Peroxisomes are multifunctional organelles whose abundance and metabolic activities differ depending on the species, cell type, developmental stage, and prevailing environmental conditions.¹ However, little is known about the signaling pathways that control these variations, especially in plants. Our laboratory recently investigated the regulatory role of light in changes in peroxisome abundance and identified a phytochrome. A-dependent pathway responsible for the proliferation of peroxisomes during dark-to-light transition in Arabidopsis seedlings. Light induces peroxisome proliferation at least in part through up-regulating the PEX11b gene, which encodes a peroxisomal membrane protein that mediates the early stages of peroxisome multiplication.
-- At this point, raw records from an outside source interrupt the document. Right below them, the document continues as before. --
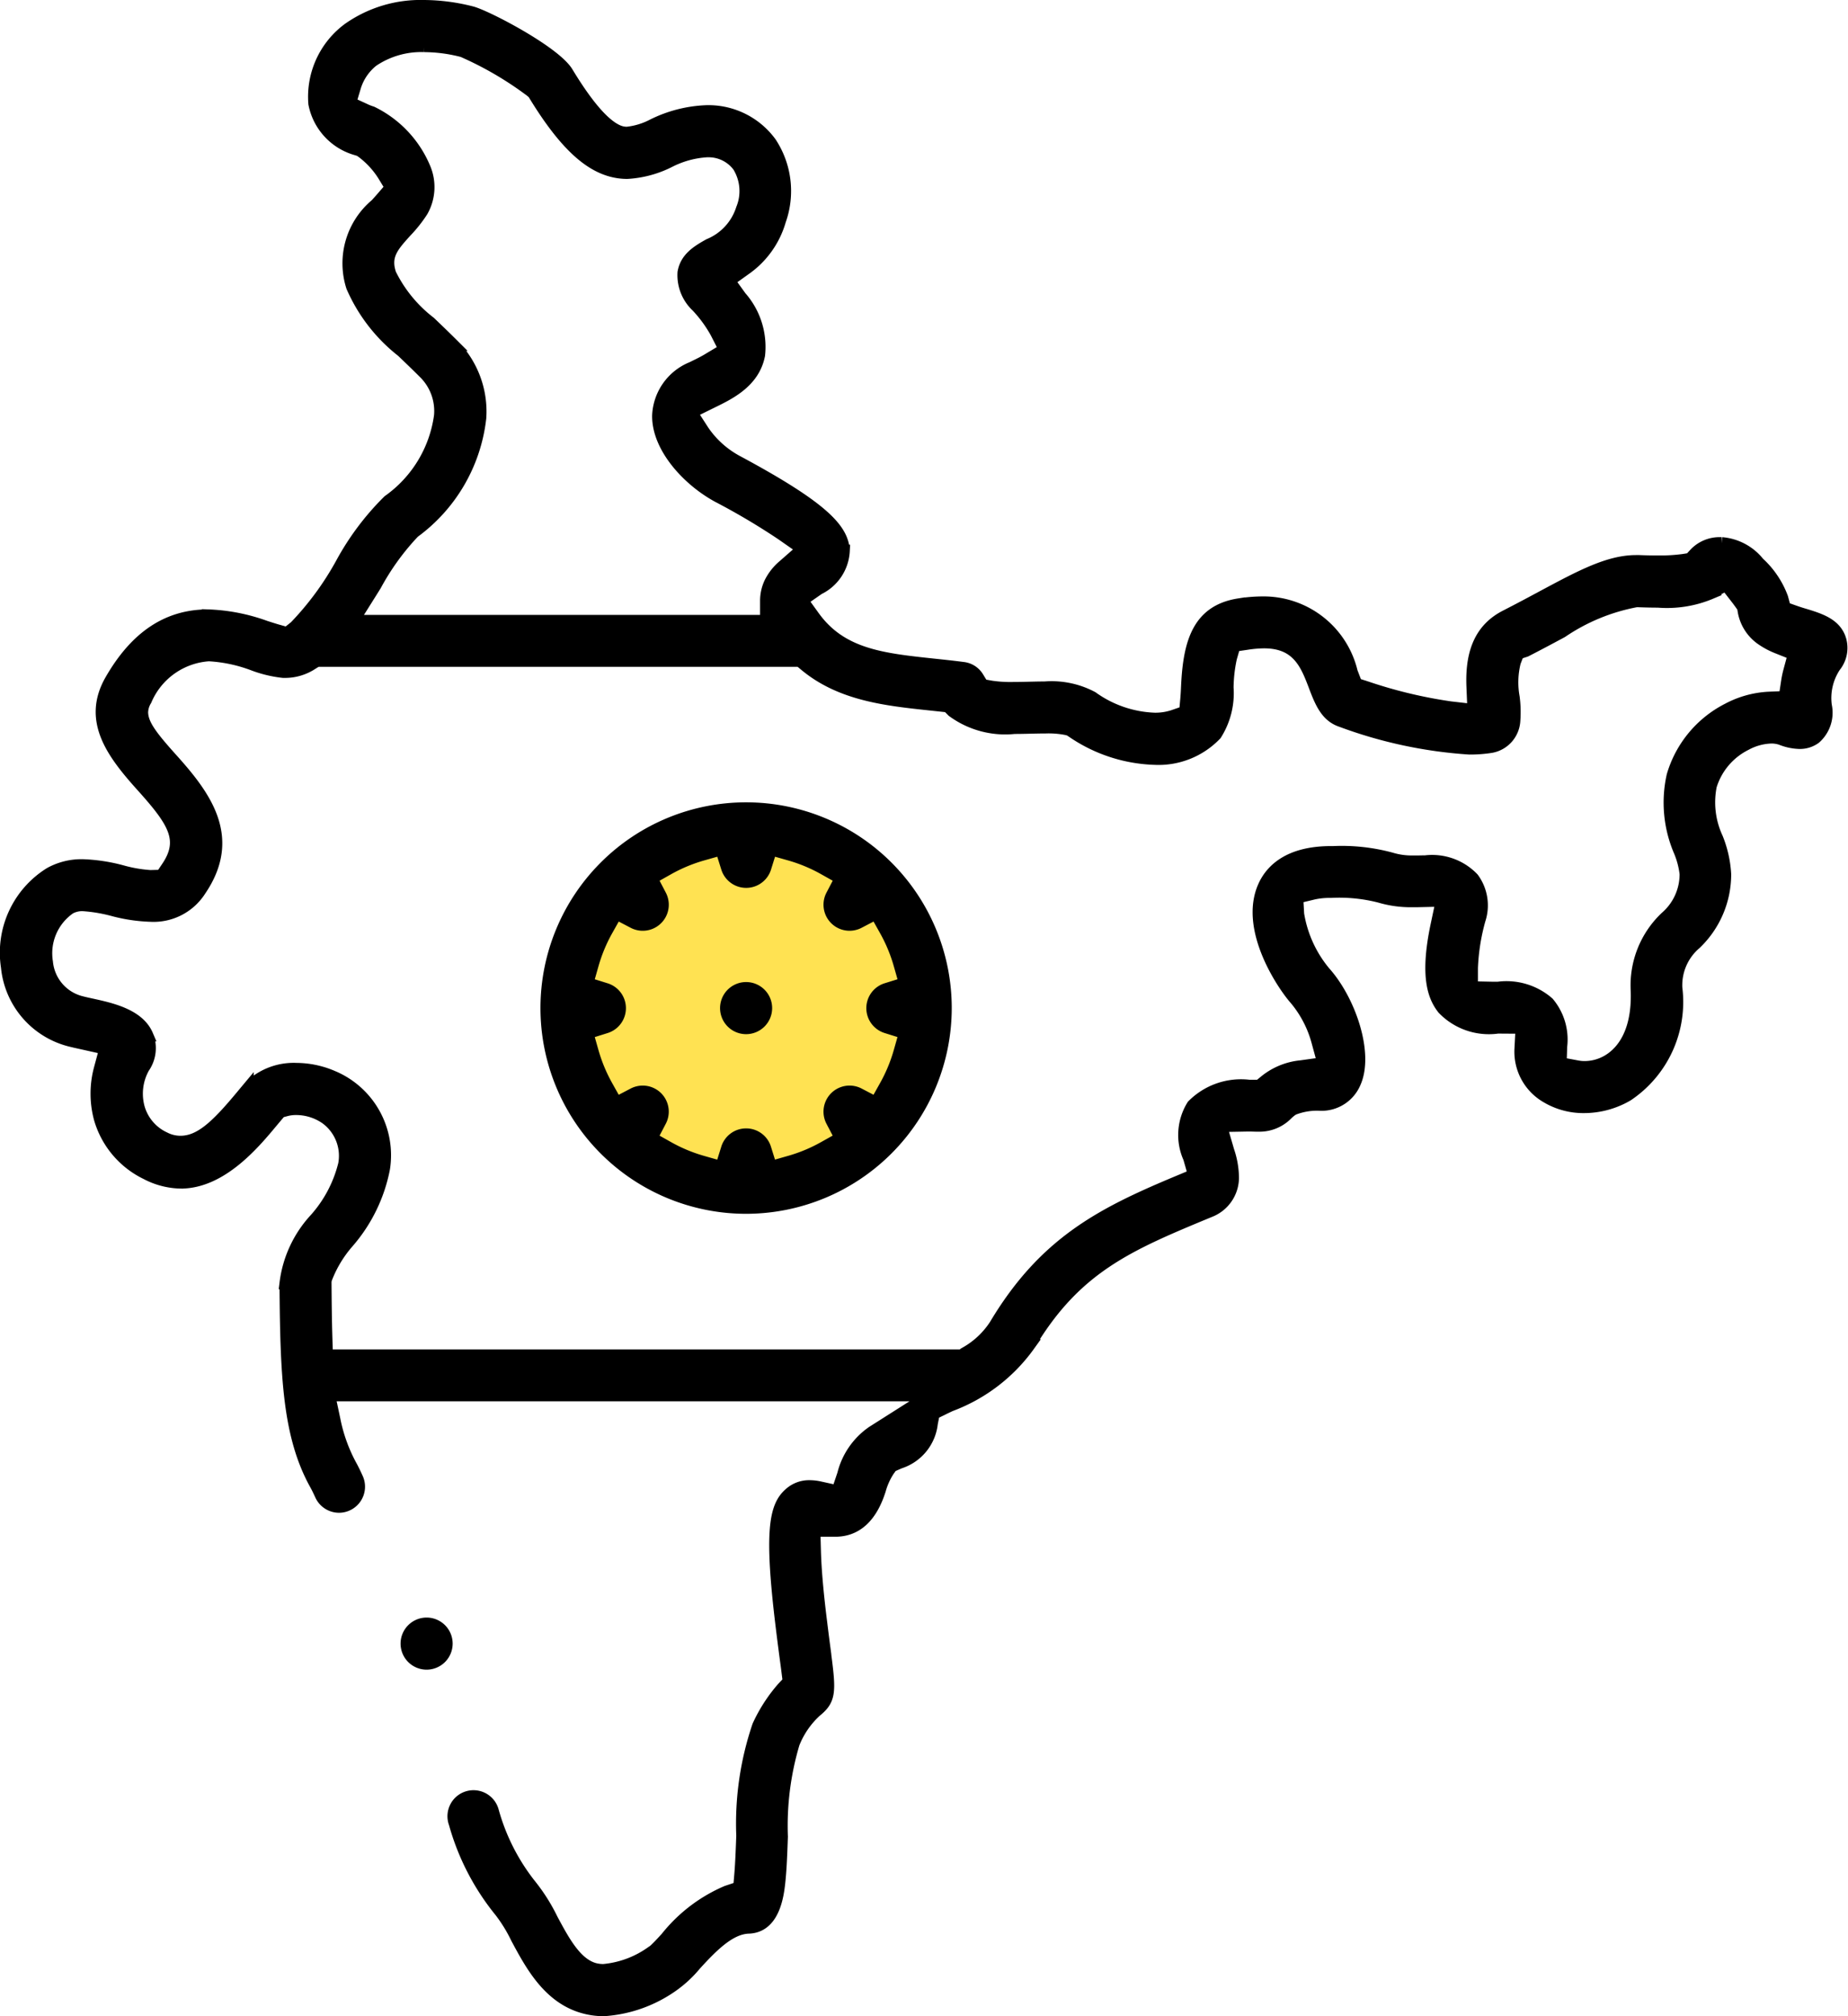 <?xml version="1.0" encoding="UTF-8"?>
<svg xmlns="http://www.w3.org/2000/svg" width="75.936" height="82.809" viewBox="0 0 75.936 82.809">
  <g id="_2008-icon" data-name="2008-icon" transform="translate(0.263 0.25)">
    <circle id="Ellipse_424" data-name="Ellipse 424" cx="7" cy="7" r="7" transform="translate(23.512 34.766)" fill="#ffe252"></circle>
    <g id="_2008-icon-2" data-name="2008-icon">
      <path id="Path_70378" data-name="Path 70378" d="M2630.013,1146.542a3.111,3.111,0,0,1-.781-.1c-1.469-.382-2.2-1.751-2.792-2.851a6.168,6.168,0,0,0-.683-1.112,9.945,9.945,0,0,1-1.867-3.613.82.82,0,1,1,1.557-.511,8.572,8.572,0,0,0,1.529,3.029,7.457,7.457,0,0,1,.908,1.433c.484.9.985,1.838,1.76,2.04a1.43,1.43,0,0,0,.357.042,4.015,4.015,0,0,0,2.009-.759l.052-.033.047-.041c.11-.1.266-.265.475-.494a6.369,6.369,0,0,1,2.484-1.895l.511-.171.046-.537c.041-.48.064-1.122.081-1.591a12.488,12.488,0,0,1,.654-4.511,6.427,6.427,0,0,1,.991-1.541l.263-.281-.048-.382c-.015-.119-.032-.252-.051-.39l-.012-.087c-.047-.357-.107-.81-.177-1.385-.487-3.974-.267-4.964.342-5.482a1.178,1.178,0,0,1,.805-.292,1.964,1.964,0,0,1,.427.051l.717.158.236-.7a2.989,2.989,0,0,1,1.2-1.738l2.381-1.511h-24.707l.21.99a6.664,6.664,0,0,0,.666,1.871c.087.156.177.339.276.559a.821.821,0,0,1-.746,1.158.822.822,0,0,1-.747-.482c-.08-.176-.152-.324-.217-.439-1.11-2-1.206-4.456-1.232-8.259a4.726,4.726,0,0,1,1.234-2.645,5.284,5.284,0,0,0,1.176-2.236,1.906,1.906,0,0,0-.75-1.889,2.146,2.146,0,0,0-1.224-.385,1.554,1.554,0,0,0-.4.047l-.25.066-.337.4c-.728.877-2.082,2.507-3.751,2.507a3.147,3.147,0,0,1-1.426-.37,3.623,3.623,0,0,1-1.9-2.253,3.93,3.93,0,0,1,0-2.053l.223-.827-.954-.213c-.158-.034-.3-.066-.438-.1a3.461,3.461,0,0,1-2.649-3.033,3.837,3.837,0,0,1,1.768-3.849,2.676,2.676,0,0,1,1.346-.33,7.118,7.118,0,0,1,1.613.246,5.686,5.686,0,0,0,1.159.2l.459-.012.236-.349c.766-1.131.274-1.885-1.029-3.334-1.218-1.353-2.232-2.7-1.287-4.35,1.029-1.79,2.335-2.661,3.992-2.661a7.661,7.661,0,0,1,2.357.46c.155.05.347.112.491.153l.4.112.328-.259a12.209,12.209,0,0,0,1.907-2.59,10.977,10.977,0,0,1,1.936-2.582,5.126,5.126,0,0,0,2.119-3.5,2.206,2.206,0,0,0-.642-1.755c-.335-.334-.645-.631-.918-.892a6.818,6.818,0,0,1-2.052-2.65,3.144,3.144,0,0,1,.981-3.375c.079-.087.155-.172.223-.25l.391-.452-.311-.511a3.586,3.586,0,0,0-.874-.944l-.093-.065-.107-.037a2.428,2.428,0,0,1-1.762-1.886,3.469,3.469,0,0,1,1.42-3.087,5.15,5.15,0,0,1,3.078-.919,8.045,8.045,0,0,1,1.959.256c.61.157,3.417,1.622,3.93,2.472.848,1.4,1.57,2.22,2.147,2.426a.933.933,0,0,0,.31.052,2.967,2.967,0,0,0,1.075-.329,5.4,5.4,0,0,1,2.194-.557c.052,0,.106,0,.159,0a3.159,3.159,0,0,1,2.474,1.3,3.6,3.6,0,0,1,.382,3.183,3.671,3.671,0,0,1-1.427,2l-.67.479.482.667a3.1,3.1,0,0,1,.755,2.383c-.213,1.093-1.2,1.576-1.923,1.928l-.864.426.5.774a3.939,3.939,0,0,0,1.374,1.234c3.609,1.936,4.344,2.815,4.394,3.678a1.83,1.83,0,0,1-1.03,1.557l-.686.477.489.677c1.131,1.564,2.811,1.742,4.937,1.968.39.041.793.084,1.208.138a.816.816,0,0,1,.593.386l.193.316.364.065a5.353,5.353,0,0,0,.893.054c.226,0,.453-.005.635-.01.221-.005.444-.011.666-.011a3.551,3.551,0,0,1,1.951.405,4.678,4.678,0,0,0,2.562.878,2.355,2.355,0,0,0,.757-.113l.5-.173.048-.528c.016-.175.026-.387.033-.542.086-1.817.48-3.08,2.123-3.339a6.357,6.357,0,0,1,.977-.081,3.72,3.72,0,0,1,3.659,2.857l.189.492.375.119a19.245,19.245,0,0,0,3.489.841l.953.11-.04-.959c-.062-1.474.374-2.4,1.371-2.907.552-.282,1.05-.549,1.489-.785,1.588-.851,2.735-1.466,3.863-1.466l.122,0c.27.011.523.016.751.016a7.279,7.279,0,0,0,1.063-.061l.281-.044.193-.208a1.392,1.392,0,0,1,1.061-.439h.051a2.162,2.162,0,0,1,1.509.807,3.674,3.674,0,0,1,.967,1.435l.112.417.406.144c.138.049.3.1.422.135.7.211,1.24.417,1.438.994a1.2,1.2,0,0,1-.212,1.125,2.352,2.352,0,0,0-.372,1.612,1.383,1.383,0,0,1-.439,1.33,1.056,1.056,0,0,1-.647.2,2.175,2.175,0,0,1-.737-.155,1.217,1.217,0,0,0-.416-.068,2.339,2.339,0,0,0-1.047.286,2.823,2.823,0,0,0-1.441,1.7,3.488,3.488,0,0,0,.257,2.147,4.643,4.643,0,0,1,.334,1.489,3.931,3.931,0,0,1-1.218,2.842,2.247,2.247,0,0,0-.789,1.826,4.611,4.611,0,0,1-2,4.4,3.542,3.542,0,0,1-1.783.489,2.953,2.953,0,0,1-1.563-.425,2.144,2.144,0,0,1-1.052-1.978l.045-.856-.858-.006h-.128a2.606,2.606,0,0,1-2.243-.779c-.362-.465-.719-1.275-.265-3.422l.214-1.013-1.036.024-.2,0a4.482,4.482,0,0,1-1.313-.183,6.664,6.664,0,0,0-2.012-.2h-.026a3.038,3.038,0,0,0-.692.07l-.666.16.038.684a4.985,4.985,0,0,0,1.09,2.392c1.029,1.146,1.779,3.326,1.243,4.529a1.484,1.484,0,0,1-1.407.909,2.645,2.645,0,0,0-1.1.171l-.056.028-.051.036a1.694,1.694,0,0,0-.163.137,1.58,1.58,0,0,1-1.147.486h-.074c-.113,0-.216-.006-.309-.006h-.123l-1.072.02.3,1.029a3.52,3.52,0,0,1,.191,1.107,1.489,1.489,0,0,1-.956,1.369c-3.31,1.371-5.5,2.276-7.424,5.507a6.962,6.962,0,0,1-3.227,2.465c-.1.047-.214.1-.321.154l-.366.178-.08.4a1.912,1.912,0,0,1-1.3,1.611c-.048.019-.109.045-.147.062l-.2.089-.127.176a2.854,2.854,0,0,0-.359.793c-.351,1.116-.968,1.682-1.832,1.682h-.862l.023.841c.019.711.1,1.688.253,2.9.068.559.126,1,.173,1.35l0,.02c.2,1.524.191,1.833-.387,2.3a3.576,3.576,0,0,0-.912,1.324,11.863,11.863,0,0,0-.485,3.832c-.029.806-.056,1.565-.14,2.145-.149,1.033-.56,1.568-1.223,1.589-.762.024-1.469.731-2.187,1.516a4.849,4.849,0,0,1-.869.823A5.514,5.514,0,0,1,2630.013,1146.542Zm-12.636-38.654a3.818,3.818,0,0,1,1.483.31,3.5,3.5,0,0,1,2.118,3.776,6.493,6.493,0,0,1-1.482,3.035,4.952,4.952,0,0,0-.9,1.5l-.021.093v.1c.006.931.016,1.575.033,2.154l.024.8h26.08l.2-.127a3.5,3.5,0,0,0,1.181-1.117c2.03-3.4,4.388-4.587,7.5-5.888l.675-.282-.2-.7a2.293,2.293,0,0,1,.143-2.153,2.794,2.794,0,0,1,2.334-.807l.4,0,.231-.189a2.752,2.752,0,0,1,1.483-.611l.923-.129-.245-.9a4.573,4.573,0,0,0-.9-1.729c-.475-.529-2.089-2.866-1.3-4.633.285-.641.994-1.405,2.749-1.408h.108a7.746,7.746,0,0,1,2.366.26,2.9,2.9,0,0,0,.9.125h.019l.139,0h.048c.093,0,.2-.005.309-.005a2.319,2.319,0,0,1,1.953.7,1.871,1.871,0,0,1,.265,1.7,8.576,8.576,0,0,0-.311,1.973v.8l.8.017c.1,0,.2,0,.285,0a2.608,2.608,0,0,1,2.052.62,2.341,2.341,0,0,1,.531,1.783l-.024.7.692.13a1.606,1.606,0,0,0,.3.027,1.888,1.888,0,0,0,.917-.242c.492-.273,1.3-1.017,1.223-2.934a3.837,3.837,0,0,1,1.2-2.978,2.343,2.343,0,0,0,.81-1.759v-.023a3.436,3.436,0,0,0-.245-.934,5.051,5.051,0,0,1-.289-3.1,4.482,4.482,0,0,1,2.266-2.733,4.011,4.011,0,0,1,1.671-.467l.671-.028.1-.664a3.913,3.913,0,0,1,.084-.4l.189-.7-.677-.27a3.123,3.123,0,0,1-.58-.3,1.77,1.77,0,0,1-.8-1.178l-.032-.182-.107-.151c-.052-.073-.107-.147-.163-.219l-.431-.554-.614.341a4.653,4.653,0,0,1-2.181.352c-.251,0-.522-.006-.829-.018l-.058,0a8.069,8.069,0,0,0-3.064,1.26l-.022.012c-.412.221-.92.494-1.464.772l-.31.1-.14.363a3.428,3.428,0,0,0-.046,1.441,4.683,4.683,0,0,1,.027.958,1.157,1.157,0,0,1-.95,1.079,5.611,5.611,0,0,1-.891.067,18.522,18.522,0,0,1-5.257-1.124c-.593-.194-.831-.715-1.1-1.43-.338-.889-.688-1.808-2.079-1.808a4.822,4.822,0,0,0-.7.059l-.521.077-.146.506a5.975,5.975,0,0,0-.139,1.225,3.155,3.155,0,0,1-.484,1.918,3.25,3.25,0,0,1-2.511,1,6.325,6.325,0,0,1-3.386-1.116l-.118-.076-.137-.033a3.816,3.816,0,0,0-.853-.064c-.214,0-.437.005-.622.01-.207.005-.421.01-.644.01a3.643,3.643,0,0,1-2.536-.686l-.2-.2-.72-.077c-1.8-.191-3.67-.389-5.135-1.606l-.228-.189h-19.843l-.2.124a2.018,2.018,0,0,1-1.088.332l-.094,0a4.956,4.956,0,0,1-1.228-.294,6.1,6.1,0,0,0-1.831-.389,3.032,3.032,0,0,0-2.593,1.847,1,1,0,0,0-.151.5c.01.5.371.975,1.234,1.935,1.386,1.54,2.617,3.224,1.15,5.375a2.266,2.266,0,0,1-2.031,1.043,6.765,6.765,0,0,1-1.538-.228,6.392,6.392,0,0,0-1.249-.209,1.059,1.059,0,0,0-.535.128,2.25,2.25,0,0,0-.942,2.213,1.873,1.873,0,0,0,1.444,1.654c.094.025.208.05.333.077l.035.008c.824.18,1.954.426,2.312,1.27a1.39,1.39,0,0,1-.15,1.325,2.2,2.2,0,0,0-.2,1.656,1.952,1.952,0,0,0,1.059,1.234,1.434,1.434,0,0,0,.654.16c.807,0,1.481-.634,2.518-1.882q.128-.154.245-.294A2.593,2.593,0,0,1,2617.376,1107.888Zm5.26-42.014a3.559,3.559,0,0,0-2.125.609,2.186,2.186,0,0,0-.717,1.037l-.206.687.653.3a2.329,2.329,0,0,0,.244.092,4.459,4.459,0,0,1,2.159,2.286,1.993,1.993,0,0,1-.1,1.767,5.517,5.517,0,0,1-.664.837c-.542.6-.9.993-.644,1.75a5.634,5.634,0,0,0,1.626,1.984l.019.018c.276.264.589.564.931.905a3.883,3.883,0,0,1,1.121,3,6.738,6.738,0,0,1-2.729,4.693,10.234,10.234,0,0,0-1.573,2.172l-.138.222-.789,1.256h16.979l0-.822a1.724,1.724,0,0,1,.18-.776,2.2,2.2,0,0,1,.538-.672l.787-.69-.859-.6a27.823,27.823,0,0,0-2.611-1.549c-1.244-.668-2.493-2.029-2.47-3.338a2.22,2.22,0,0,1,1.387-1.953l.126-.062c.151-.073.383-.186.565-.3l.658-.393-.348-.683a5.355,5.355,0,0,0-.794-1.089,1.749,1.749,0,0,1-.552-1.387c.1-.569.532-.854,1.051-1.142a2.357,2.357,0,0,0,1.351-1.468,1.943,1.943,0,0,0-.148-1.76,1.529,1.529,0,0,0-1.2-.612l-.094,0a3.887,3.887,0,0,0-1.547.424,4.395,4.395,0,0,1-1.728.465,2.491,2.491,0,0,1-.852-.15c-.951-.338-1.884-1.3-2.936-3.014l-.064-.105-.093-.082a14.075,14.075,0,0,0-2.8-1.639l-.033-.012-.035-.009A6.362,6.362,0,0,0,2622.636,1065.874Z" transform="translate(-2605.465 -1064.233)" stroke="#000" stroke-width="0.5"></path>
      <path id="Path_70379" data-name="Path 70379" d="M2698.74,1206.95a8.2,8.2,0,1,1,8.2-8.2A8.207,8.207,0,0,1,2698.74,1206.95Zm0-3.008a.816.816,0,0,1,.782.575l.239.763.768-.218a6.525,6.525,0,0,0,1.407-.585l.695-.389-.369-.706a.821.821,0,0,1,1.107-1.106l.706.369.389-.695a6.528,6.528,0,0,0,.585-1.407l.218-.768-.762-.239a.82.82,0,0,1,0-1.565l.763-.238-.218-.768a6.556,6.556,0,0,0-.584-1.407l-.39-.695-.706.369a.82.82,0,0,1-1.106-1.107l.369-.705-.695-.39a6.529,6.529,0,0,0-1.407-.585l-.768-.218-.238.762a.82.82,0,0,1-1.565,0l-.239-.762-.768.218a6.538,6.538,0,0,0-1.408.585l-.694.39.369.706a.82.82,0,0,1-1.107,1.106l-.706-.369-.39.695a6.529,6.529,0,0,0-.584,1.408l-.218.768.762.238a.82.82,0,0,1,0,1.565l-.762.239.218.768a6.558,6.558,0,0,0,.584,1.407l.389.695.706-.369a.826.826,0,0,1,.38-.093.82.82,0,0,1,.727,1.2l-.369.705.694.39a6.516,6.516,0,0,0,1.408.585l.768.218.238-.762A.817.817,0,0,1,2698.74,1203.942Z" transform="translate(-2668.345 -1157.597)" stroke="#000" stroke-width="0.5"></path>
      <path id="Path_70380" data-name="Path 70380" d="M2669.323,1320.516a.82.82,0,1,1,.82-.819A.821.821,0,0,1,2669.323,1320.516Z" transform="translate(-2652.056 -1252.44)" stroke="#000" stroke-width="0.5"></path>
      <path id="Path_70381" data-name="Path 70381" d="M2719.641,1220.472a.82.82,0,1,1,.82-.82A.821.821,0,0,1,2719.641,1220.472Z" transform="translate(-2689.246 -1178.497)" stroke="#000" stroke-width="0.5"></path>
    </g>
  </g>
</svg>

Activation of PEX11b requires the far-red light receptor phyA, as well as the bZIP transcription factor HYH, which binds directly to the promoter of PEX11b. We conclude that during photomorphogenesis, both the import of leaf-peroxisome enzymes from the cytosol and the induction of peroxisome proliferation take place to prepare seedlings for photosynthesis and photorespiration. In addition to light, other plant peroxisome proliferators may also exert their functions by targeting members of the PEX11 gene family for transcriptional activation.

Addendum to: Desai M, Hu J. Light induces peroxisome proliferation in Arabidopsis seedlings through the photoreceptor phytochrome A, the transcription factor HY5 HOMOLOG, and the peroxisomal protein PEROXIN11b. Plant Physiol 2008; 146:1117-27.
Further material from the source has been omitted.